**TASK DETAILS**
Begin at the first line of the data and copy each line through the one containing "92.34L39.46 88.522L53.16 99.68C54.348", that line included, with no pictures.
= = = = =
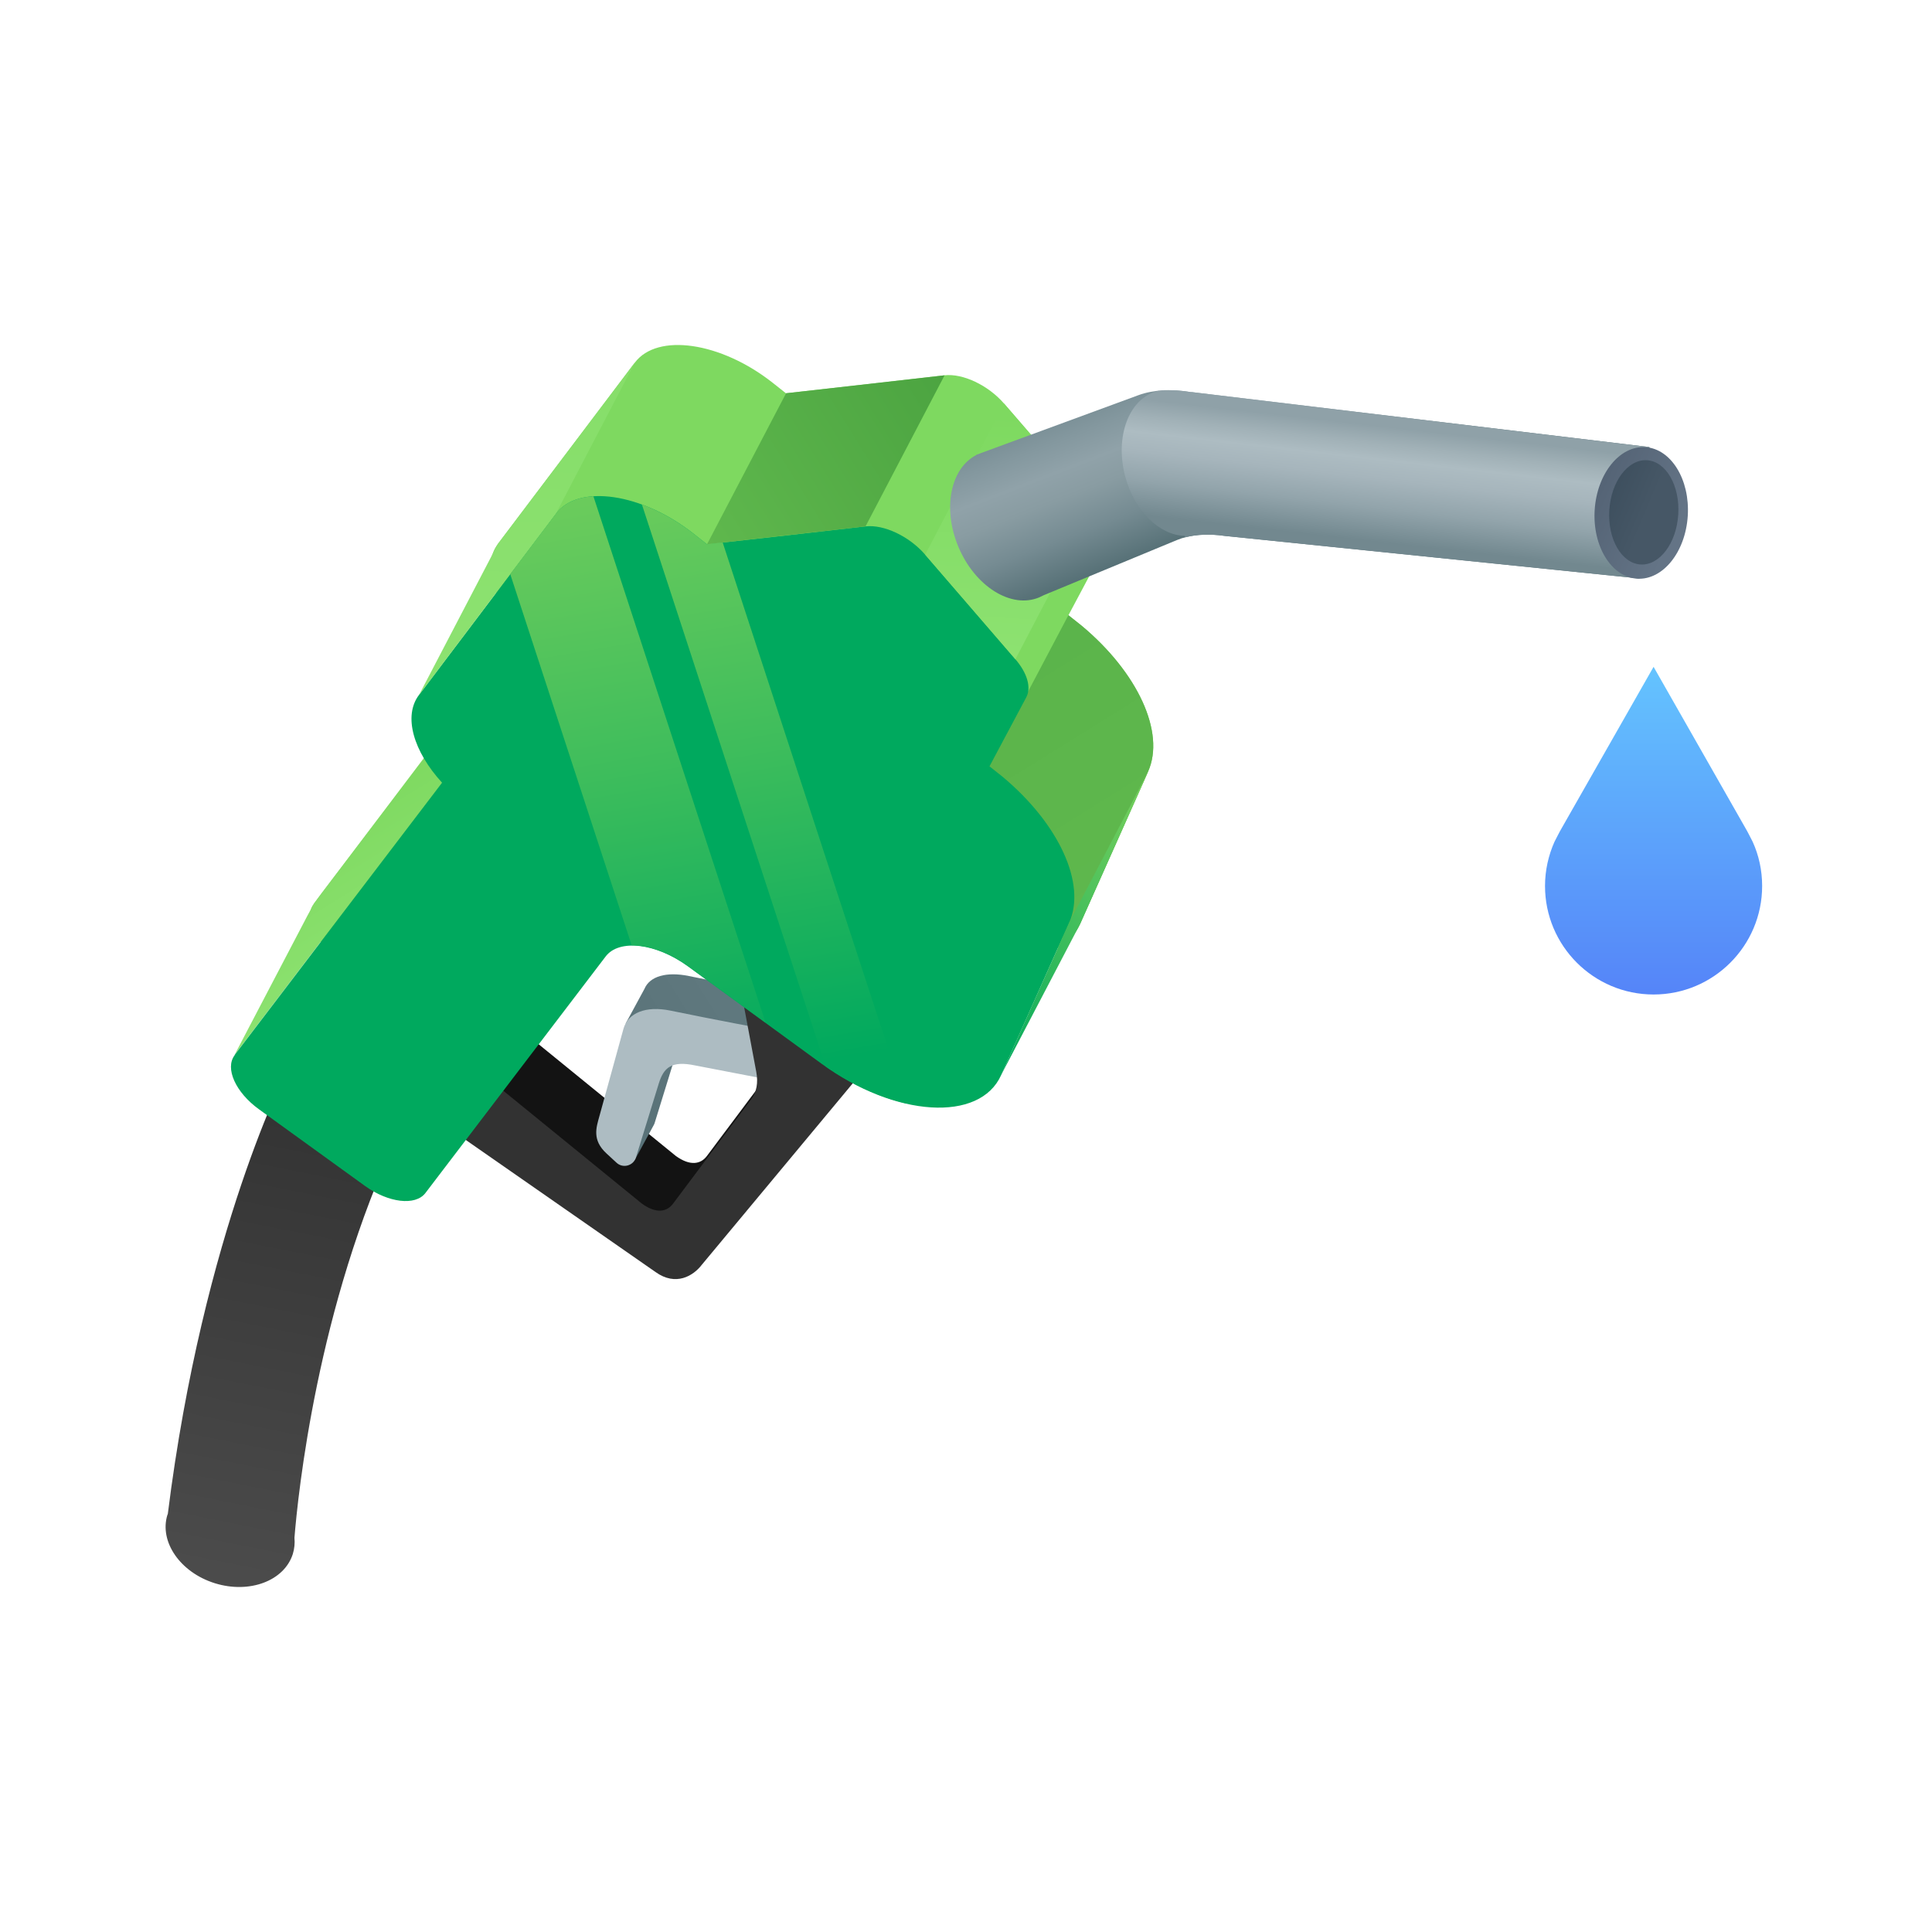 <svg width="160" height="160" viewBox="0 0 160 160" fill="none" xmlns="http://www.w3.org/2000/svg">
<path d="M32.913 94.101C28.478 90.888 23.879 88.401 23.879 88.401C23.879 88.401 16.836 101.869 13.898 125.374C13.898 125.396 13.876 125.429 13.865 125.451C13.172 127.684 14.933 130.226 17.794 131.117C20.666 132.009 23.549 130.919 24.253 128.686C24.385 128.245 24.429 127.794 24.385 127.354C24.671 123.789 26.267 108.175 32.902 94.101H32.913Z" fill="url(#paint0_linear_26214_2331)"/>
<path d="M38.426 88.39L42.266 84.572L55.966 95.729C57.154 96.588 58.024 96.412 58.53 95.751L65.033 87.069C65.462 86.486 65.605 85.716 65.44 84.836L64.318 78.85L74.111 84.946L60.929 100.791C60.224 101.715 57 104.488 55.339 103.289L38.426 88.401V88.39Z" fill="url(#paint1_linear_26214_2331)"/>
<path d="M57.055 80.83C55.163 80.445 53.798 80.863 53.369 81.898L51.817 84.759L52.368 85.32L51.19 89.578C50.926 90.525 50.574 91.548 51.773 92.659L52.61 93.43C52.687 93.496 52.764 93.551 52.852 93.595C52.489 94.552 52.048 95.74 52.048 95.74L52.577 96.049L54.139 93.177C54.172 93.121 54.194 93.066 54.216 93L56.109 86.871C56.516 85.562 57.143 84.957 59.124 85.375L65.979 86.695L65.517 82.481C65.055 82.393 60.653 81.567 57.044 80.83H57.055Z" fill="url(#paint2_linear_26214_2331)"/>
<path d="M63.977 85.342C63.514 85.254 59.113 84.439 55.504 83.691C53.501 83.284 52.005 83.867 51.63 85.21L49.639 92.439C49.375 93.386 49.023 94.409 50.222 95.52L51.058 96.291C51.586 96.786 52.456 96.544 52.665 95.861L54.557 89.732C54.965 88.423 55.592 87.818 57.572 88.236L64.428 89.556L63.966 85.342H63.977Z" fill="url(#paint3_linear_26214_2331)"/>
<path d="M35.62 92.34L39.46 88.522L53.16 99.68C54.348 100.538 55.218 100.362 55.724 99.702L62.227 91.02C62.656 90.437 62.799 89.666 62.634 88.786L61.512 82.8L71.305 88.896L58.123 104.741C57.418 105.666 55.966 106.546 54.293 105.347L35.62 92.351V92.34Z" fill="url(#paint4_linear_26214_2331)"/>
<path d="M25.97 74.855L43.146 52.309C40.781 49.723 39.911 46.796 41.232 45.046L52.577 30.026C54.447 27.55 59.696 28.32 63.976 31.688L65.088 32.568C68.609 32.183 74.727 31.489 78.215 31.082C79.734 30.906 81.835 31.897 83.156 33.426C85.379 35.99 88.68 39.83 90.627 42.086C91.607 43.219 91.959 44.43 91.53 45.233L88.482 50.955L89.549 51.802C94.237 55.709 96.515 60.671 95.084 63.895L89.45 76.517C87.689 80.467 80.669 80.027 74.573 75.582L63.503 67.516C60.873 65.601 57.803 65.227 56.692 66.701L41.76 86.299C40.935 87.367 38.701 87.102 36.764 85.705L27.983 79.356C26.047 77.958 25.144 75.956 25.97 74.877V74.855Z" fill="url(#paint5_linear_26214_2331)"/>
<path d="M88.218 78.068C88.746 77.661 89.164 77.144 89.45 76.506L95.084 63.885C96.514 60.671 94.248 55.698 89.549 51.791L88.482 50.944L80.889 65.326L88.218 78.057V78.068Z" fill="url(#paint6_linear_26214_2331)"/>
<path d="M25.452 75.846L19.422 87.367L36.599 64.82L35.543 62.201L26.641 73.964C26.189 74.558 25.793 75.185 25.452 75.846Z" fill="url(#paint7_linear_26214_2331)"/>
<path d="M19.433 87.367L36.61 64.82C34.244 62.234 33.375 59.307 34.695 57.557L46.04 42.537C47.911 40.061 53.16 40.832 57.44 44.199L58.551 45.079C62.073 44.694 68.191 44.001 71.679 43.594C73.198 43.417 75.299 44.408 76.62 45.937C78.842 48.501 82.144 52.342 84.091 54.597C85.07 55.731 85.423 56.941 84.993 57.744L81.945 63.466L83.013 64.314C87.7 68.22 89.978 73.183 88.548 76.407L82.914 89.028C81.153 92.978 74.133 92.538 68.037 88.093L56.967 80.027C54.337 78.112 51.267 77.738 50.156 79.213L35.224 98.81C34.398 99.878 32.164 99.614 30.228 98.216L21.447 91.867C19.51 90.47 18.608 88.467 19.433 87.388V87.367Z" fill="url(#paint8_linear_26214_2331)"/>
<path d="M76.62 45.937L83.156 33.426L90.638 42.075L84.091 54.597L76.62 45.937Z" fill="url(#paint9_linear_26214_2331)"/>
<path d="M95.095 63.885L88.548 76.396L82.914 89.017L89.461 76.495L95.095 63.885Z" fill="url(#paint10_linear_26214_2331)"/>
<path d="M52.576 30.026L46.04 42.537L34.695 57.568L41.231 45.046L52.576 30.026Z" fill="url(#paint11_linear_26214_2331)"/>
<path d="M65.099 32.568L58.551 45.079L71.679 43.594L78.226 31.082L65.099 32.568Z" fill="url(#paint12_linear_26214_2331)"/>
<path d="M98.671 32.48C96.999 32.194 95.502 32.282 94.292 32.722L80.856 37.663V37.684C78.71 38.785 78.039 42.119 79.371 45.288C80.746 48.567 83.75 50.449 86.072 49.469C86.193 49.414 86.314 49.359 86.435 49.294L97.461 44.727C98.55 44.276 99.926 44.155 101.477 44.386L135.776 47.907L136.601 37.024L98.671 32.469V32.48Z" fill="url(#paint13_linear_26214_2331)"/>
<path d="M98.671 32.48C98.077 32.381 97.516 32.326 96.966 32.326C96.647 32.293 96.328 32.304 96.019 32.359C95.975 32.359 95.92 32.359 95.876 32.37C95.876 32.37 95.876 32.381 95.876 32.392C95.854 32.392 95.821 32.403 95.788 32.414C93.466 33.041 92.311 36.21 93.191 39.478C93.962 42.339 96.052 44.331 98.11 44.375C98.132 44.419 98.154 44.452 98.176 44.496C99.133 44.254 100.245 44.21 101.466 44.386L135.765 47.907L136.59 37.024L98.66 32.469L98.671 32.48Z" fill="url(#paint14_linear_26214_2331)"/>
<path d="M139.774 42.718C139.962 39.71 138.389 37.163 136.26 37.03C134.131 36.897 132.253 39.227 132.064 42.236C131.876 45.244 133.449 47.791 135.578 47.924C137.707 48.057 139.586 45.727 139.774 42.718Z" fill="url(#paint15_linear_26214_2331)"/>
<path d="M138.986 42.609C139.135 40.226 137.977 38.213 136.4 38.115C134.823 38.016 133.424 39.868 133.275 42.252C133.126 44.636 134.283 46.648 135.86 46.747C137.437 46.845 138.837 44.993 138.986 42.609Z" fill="url(#paint16_linear_26214_2331)"/>
<path d="M46.04 42.537L42.255 47.544L52.312 78.288C53.677 78.277 55.393 78.872 56.967 80.005L63.404 84.693L49.143 41.096C47.812 41.184 46.711 41.646 46.04 42.526V42.537Z" fill="url(#paint17_linear_26214_2331)"/>
<path d="M58.551 45.079L57.44 44.199C56.065 43.12 54.59 42.306 53.16 41.778L68.378 88.313C70.59 89.864 72.9 90.888 75.035 91.372L59.85 44.925C59.399 44.98 58.959 45.024 58.562 45.068L58.551 45.079Z" fill="url(#paint18_linear_26214_2331)"/>
<path d="M145.151 69.716C145.151 69.716 144.7 68.825 144.59 68.649L136.942 55.224L129.295 68.649C129.185 68.825 128.734 69.716 128.734 69.716C128.238 70.828 127.952 72.071 127.952 73.37C127.952 78.332 131.98 82.36 136.942 82.36C141.905 82.36 145.933 78.332 145.933 73.37C145.933 72.071 145.657 70.828 145.151 69.716Z" fill="url(#paint19_linear_26214_2331)"/>
<defs>
<linearGradient id="paint0_linear_26214_2331" x1="18.788" y1="131.926" x2="27.129" y2="89.968" gradientUnits="userSpaceOnUse">
<stop stop-color="#4C4C4C"/>
<stop offset="1" stop-color="#323232"/>
</linearGradient>
<linearGradient id="paint1_linear_26214_2331" x1="286.17" y1="83.827" x2="251.703" y2="84.953" gradientUnits="userSpaceOnUse">
<stop stop-color="#313131"/>
<stop offset="1" stop-color="#131313"/>
</linearGradient>
<linearGradient id="paint2_linear_26214_2331" x1="49.181" y1="91.133" x2="63.74" y2="82.081" gradientUnits="userSpaceOnUse">
<stop stop-color="#577177"/>
<stop offset="0.22" stop-color="#5A7379"/>
<stop offset="1" stop-color="#617A80"/>
</linearGradient>
<linearGradient id="paint3_linear_26214_2331" x1="275.941" y1="82.763" x2="257.519" y2="83.365" gradientUnits="userSpaceOnUse">
<stop stop-color="#72888F"/>
<stop offset="0.02" stop-color="#738990"/>
<stop offset="0.42" stop-color="#92A4AB"/>
<stop offset="0.76" stop-color="#A6B5BC"/>
<stop offset="1" stop-color="#ADBCC2"/>
</linearGradient>
<linearGradient id="paint4_linear_26214_2331" x1="281.102" y1="87.087" x2="246.646" y2="88.212" gradientUnits="userSpaceOnUse">
<stop stop-color="#313131"/>
<stop offset="1" stop-color="#323232"/>
</linearGradient>
<linearGradient id="paint5_linear_26214_2331" x1="302.145" y1="72.373" x2="243.598" y2="-5.128" gradientUnits="userSpaceOnUse">
<stop stop-color="#71CC58"/>
<stop offset="1" stop-color="#7ED960"/>
</linearGradient>
<linearGradient id="paint6_linear_26214_2331" x1="80.255" y1="50.02" x2="95.093" y2="73.886" gradientUnits="userSpaceOnUse">
<stop stop-color="#5AB34A"/>
<stop offset="1" stop-color="#5FB84D"/>
</linearGradient>
<linearGradient id="paint7_linear_26214_2331" x1="30.882" y1="80.249" x2="24.09" y2="69.325" gradientUnits="userSpaceOnUse">
<stop stop-color="#8DE271"/>
<stop offset="1" stop-color="#7ED960"/>
</linearGradient>
<linearGradient id="paint8_linear_26214_2331" x1="314.603" y1="45.929" x2="233.047" y2="84.45" gradientUnits="userSpaceOnUse">
<stop stop-color="#77D05C"/>
<stop offset="0.18" stop-color="#67CA5C"/>
<stop offset="0.53" stop-color="#3EBD5C"/>
<stop offset="0.99" stop-color="#00A95E"/>
</linearGradient>
<linearGradient id="paint9_linear_26214_2331" x1="83.012" y1="54.538" x2="84.186" y2="34.294" gradientUnits="userSpaceOnUse">
<stop stop-color="#8DE271"/>
<stop offset="1" stop-color="#7ED960"/>
</linearGradient>
<linearGradient id="paint10_linear_26214_2331" x1="99.023" y1="70.225" x2="78.399" y2="83.047" gradientUnits="userSpaceOnUse">
<stop stop-color="#77D05C"/>
<stop offset="0.18" stop-color="#67CA5C"/>
<stop offset="0.53" stop-color="#3EBD5C"/>
<stop offset="0.99" stop-color="#00A95E"/>
</linearGradient>
<linearGradient id="paint11_linear_26214_2331" x1="42.806" y1="58.039" x2="46.495" y2="-5.49" gradientUnits="userSpaceOnUse">
<stop stop-color="#8DE271"/>
<stop offset="1" stop-color="#7ED960"/>
</linearGradient>
<linearGradient id="paint12_linear_26214_2331" x1="78.61" y1="31.723" x2="58.154" y2="44.441" gradientUnits="userSpaceOnUse">
<stop stop-color="#4CA441"/>
<stop offset="1" stop-color="#5FB84D"/>
</linearGradient>
<linearGradient id="paint13_linear_26214_2331" x1="107.854" y1="40.829" x2="102.944" y2="28.035" gradientUnits="userSpaceOnUse">
<stop stop-color="#577177"/>
<stop offset="0.26" stop-color="#758B92"/>
<stop offset="0.49" stop-color="#899CA2"/>
<stop offset="0.65" stop-color="#90A2A9"/>
<stop offset="0.82" stop-color="#84989F"/>
<stop offset="0.92" stop-color="#7C9198"/>
</linearGradient>
<linearGradient id="paint14_linear_26214_2331" x1="114.052" y1="44.88" x2="115.238" y2="34.45" gradientUnits="userSpaceOnUse">
<stop stop-color="#72888F"/>
<stop offset="0.01" stop-color="#738990"/>
<stop offset="0.27" stop-color="#92A4AB"/>
<stop offset="0.5" stop-color="#A6B5BC"/>
<stop offset="0.65" stop-color="#ADBCC2"/>
<stop offset="0.77" stop-color="#A1B1B7"/>
<stop offset="0.91" stop-color="#8FA1A8"/>
</linearGradient>
<linearGradient id="paint15_linear_26214_2331" x1="131.651" y1="40.347" x2="138.895" y2="43.572" gradientUnits="userSpaceOnUse">
<stop stop-color="#536274"/>
<stop offset="1" stop-color="#647486"/>
</linearGradient>
<linearGradient id="paint16_linear_26214_2331" x1="130.833" y1="40.611" x2="136.266" y2="42.889" gradientUnits="userSpaceOnUse">
<stop stop-color="#384A59"/>
<stop offset="1" stop-color="#465766"/>
</linearGradient>
<linearGradient id="paint17_linear_26214_2331" x1="47.207" y1="33.228" x2="56.978" y2="90.415" gradientUnits="userSpaceOnUse">
<stop stop-color="#77D05C"/>
<stop offset="0.18" stop-color="#67CA5C"/>
<stop offset="0.53" stop-color="#3EBD5C"/>
<stop offset="0.99" stop-color="#00A95E"/>
</linearGradient>
<linearGradient id="paint18_linear_26214_2331" x1="58.078" y1="31.368" x2="67.85" y2="88.555" gradientUnits="userSpaceOnUse">
<stop stop-color="#77D05C"/>
<stop offset="0.18" stop-color="#67CA5C"/>
<stop offset="0.53" stop-color="#3EBD5C"/>
<stop offset="0.99" stop-color="#00A95E"/>
</linearGradient>
<linearGradient id="paint19_linear_26214_2331" x1="136.942" y1="88.896" x2="136.942" y2="51.527" gradientUnits="userSpaceOnUse">
<stop offset="0.02" stop-color="#5277F7"/>
<stop offset="1" stop-color="#66CCFF"/>
</linearGradient>
</defs>
</svg>
= = = = =
**RESULT OF THE EXERCISE**
 <svg width="160" height="160" viewBox="0 0 160 160" fill="none" xmlns="http://www.w3.org/2000/svg">
<path d="M32.913 94.101C28.478 90.888 23.879 88.401 23.879 88.401C23.879 88.401 16.836 101.869 13.898 125.374C13.898 125.396 13.876 125.429 13.865 125.451C13.172 127.684 14.933 130.226 17.794 131.117C20.666 132.009 23.549 130.919 24.253 128.686C24.385 128.245 24.429 127.794 24.385 127.354C24.671 123.789 26.267 108.175 32.902 94.101H32.913Z" fill="url(#paint0_linear_26214_2331)"/>
<path d="M38.426 88.39L42.266 84.572L55.966 95.729C57.154 96.588 58.024 96.412 58.53 95.751L65.033 87.069C65.462 86.486 65.605 85.716 65.44 84.836L64.318 78.85L74.111 84.946L60.929 100.791C60.224 101.715 57 104.488 55.339 103.289L38.426 88.401V88.39Z" fill="url(#paint1_linear_26214_2331)"/>
<path d="M57.055 80.83C55.163 80.445 53.798 80.863 53.369 81.898L51.817 84.759L52.368 85.32L51.19 89.578C50.926 90.525 50.574 91.548 51.773 92.659L52.61 93.43C52.687 93.496 52.764 93.551 52.852 93.595C52.489 94.552 52.048 95.74 52.048 95.74L52.577 96.049L54.139 93.177C54.172 93.121 54.194 93.066 54.216 93L56.109 86.871C56.516 85.562 57.143 84.957 59.124 85.375L65.979 86.695L65.517 82.481C65.055 82.393 60.653 81.567 57.044 80.83H57.055Z" fill="url(#paint2_linear_26214_2331)"/>
<path d="M63.977 85.342C63.514 85.254 59.113 84.439 55.504 83.691C53.501 83.284 52.005 83.867 51.63 85.21L49.639 92.439C49.375 93.386 49.023 94.409 50.222 95.52L51.058 96.291C51.586 96.786 52.456 96.544 52.665 95.861L54.557 89.732C54.965 88.423 55.592 87.818 57.572 88.236L64.428 89.556L63.966 85.342H63.977Z" fill="url(#paint3_linear_26214_2331)"/>
<path d="M35.62 92.34L39.46 88.522L53.16 99.68C54.348 100.538 55.218 100.362 55.724 99.702L62.227 91.02C62.656 90.437 62.799 89.666 62.634 88.786L61.512 82.8L71.305 88.896L58.123 104.741C57.418 105.666 55.966 106.546 54.293 105.347L35.62 92.351V92.34Z" fill="url(#paint4_linear_26214_2331)"/>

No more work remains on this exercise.